Despite their differences, IDS and IPS share characteristics that make them complementary components of comprehensive security strategies.

Both technologies aim to enhance network security by identifying and responding to potential cyber threats and protecting networks from unauthorized access and malicious activities. They use similar threat detection methodologies, including signature-based detection matching known threat patterns, anomaly-based detection identifying unusual behavior, and protocol analysis examining network communication protocols. Both rely on comprehensive threat databases and rule sets, continuously updating threat intelligence to improve detection accuracy.

The underlying technical components are similar:

• packet inspection engines
• traffic analysis algorithms
• threat signature databases
• logging and reporting mechanisms

Both employ machine learning and artificial intelligence to improve threat detection. Both collect and generate detailed network traffic logs, threat event reports, forensic data for security analysis, and performance and incident metrics.

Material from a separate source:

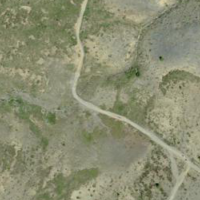
EUNIS habitat code: 31
Species observed at this site:
Dryas octopetala
Juncus jacquinii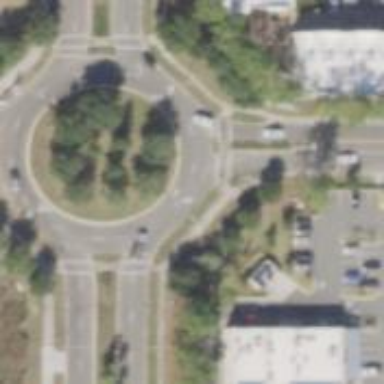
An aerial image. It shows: Footway crossing traffic island.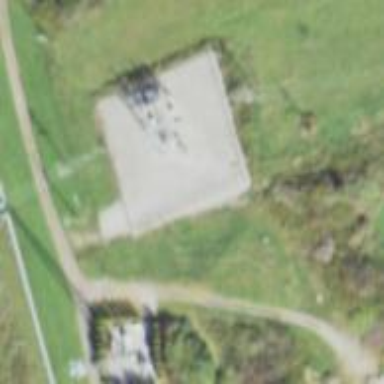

Deployment considerations are also similar. Both are typically integrated into network security architecture, require regular updates and maintenance, need skilled cybersecurity professionals for configuration and management, and are most effective as part of a multi-layered security strategy.

FAQs

What is the difference between inline and passive sensor deployment?

Inline sensors are deployed so that monitored traffic must pass through them, allowing them to block malicious traffic in real time. Passive sensors monitor copies of traffic without sitting in the data path, allowing them to detect and alert on threats without impacting network performance or availability. Inline deployment is required for prevention capabilities, while passive deployment is suitable for detection and monitoring only.

What is tuning?

Tuning is altering the configuration of an IDPS to improve its detection accuracy because no IDPS can provide completely accurate detection. All systems generate false positives (incorrectly identifying benign activity as malicious) and false negatives (failing to identify malicious activity). Reducing one increases the other. Tuning involves adjusting thresholds, configuring blacklists and whitelists, customizing alert settings, and potentially editing detection code.

Can IDS and IPS detect zero-day exploits?

Traditional signature-based detection cannot identify zero-day exploits because no signature exists for previously unknown attacks. However, anomaly-based detection and stateful protocol analysis methods can sometimes identify zero-day exploits by recognizing unusual patterns or behaviors that deviate from established baselines or protocol specifications.